Salve

Publié le 4 Février 2015

Nous fêtons aujourd'hui Sainte Véronique:

Selon Les visions de Catherine elle était cousine de Saint Jean-Baptiste. Elle fut admise dans la cellule de Jean-Baptiste après que celui-ci eut la tête coupée. Elle recueillit son sang.

Dans l’évangile apocryphe de Nicodème, elle apparut alors que les juifs réclamaient la mort de Jésus. Elle clama qu’elle était l’hémoroïsse de l’évangile, celle qui fut guérie de ses pertes de sang en touchant le manteau du Christ.

Elle se serait d’abord appelée Séraphia (brûlante) et serait née en Phénicie.

Catherine Emmerich nous dit encore que Véronique était une tendre amie de la Vierge Marie. Elle avait douze ans lorsqu’elle assista au mariage de Joseph et de Marie. Quand Jésus avait “fugué” pour aller prêcher dans le temple, c’est Véronique qui lui servait de cantinière dans sa propre maison. Elle fit de même juste avant sa passion.
Aux noces de Cana, elle prépara la décoration de la table avec des fleurs.

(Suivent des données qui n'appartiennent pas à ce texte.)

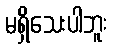
မရှိသေးပါဘူး
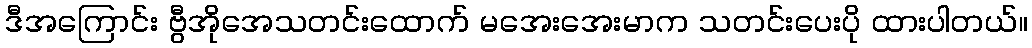
ဒီအကြောင်း ဗွီအိုအေသတင်းထောက် မအေးအေးမာက သတင်းပေးပို ထားပါတယ်။
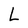
Character: L
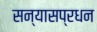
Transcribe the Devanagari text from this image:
सन्यासप्रधन
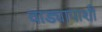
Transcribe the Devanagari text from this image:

Lors de la montée au calvaire, il y avait des gens “bon chic bon genre” qui s’écartaient car ils avaient peur de se souiller. Seule Véronique étendait devant Jésus des vêtements qu’elle avait recueillis ça et là. Puis elle lui essuya la face. C’est là que Séraphia fut appelée Véronique à cause de ce qu’elle avait fait.

En fait, elle avait préparé une cruche de vin aromatisé et un linge. Elle se fraya un passage parmi les soldats. Arrivée près de Jésus, elle lui donna le linge qu’il s’appliqua lui-même sur son visage ensanglanté et le lui rendit en disant merci. Séraphia n’eut pas le temps de lui faire boire le vin car les soldats l’en empêchèrent.

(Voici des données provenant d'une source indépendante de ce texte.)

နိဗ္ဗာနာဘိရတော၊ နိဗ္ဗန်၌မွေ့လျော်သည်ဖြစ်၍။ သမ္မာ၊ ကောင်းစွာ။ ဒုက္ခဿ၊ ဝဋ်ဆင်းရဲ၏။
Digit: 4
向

Elle ramassa le linge et rentra dans sa maison où elle découvrit la marque du visage et dit “Maintenant je veux tout quitter, car le Seigneur m’a donné un souvenir”.

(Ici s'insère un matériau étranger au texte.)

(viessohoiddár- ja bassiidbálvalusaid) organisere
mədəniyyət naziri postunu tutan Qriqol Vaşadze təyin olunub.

Les saintes femmes vinrent avec Marie chez Véronique - elles étaient dix-sept. Elles pleuraient en contemplant le visage du Seigneur. Elles prirent le vase de vin aromatisé que Véronique n’avait pu faire boire au Christ, et partirent vers le Golgotha. Elle donnèrent un pourboire aux soldats, mais malgré cela, elle ne purent faire boire Jésus.
Véronique aida les femmes, lorsqu’on perça le flanc de Jésus, à recueillir le sang et l’eau dans des fioles. Elle était encore là lorsqu’on le porta au tombeau.
Elle était toujours de la partie.

Comme Véronique pensait que le voile ne devait pas rester en sa seule possession, elle le porta à Rome. Elle y fut reçue par l’empereur Tibère-César qui était atteint d’une grave maladie. Il était dans sa chambre carrée, pas très grande, sans fenêtre. La lumière venait d’en-haut. Véronique déploya le suaire que l’empereur ne toucha pas mais qu’il vit. Cela suffit à le guérir.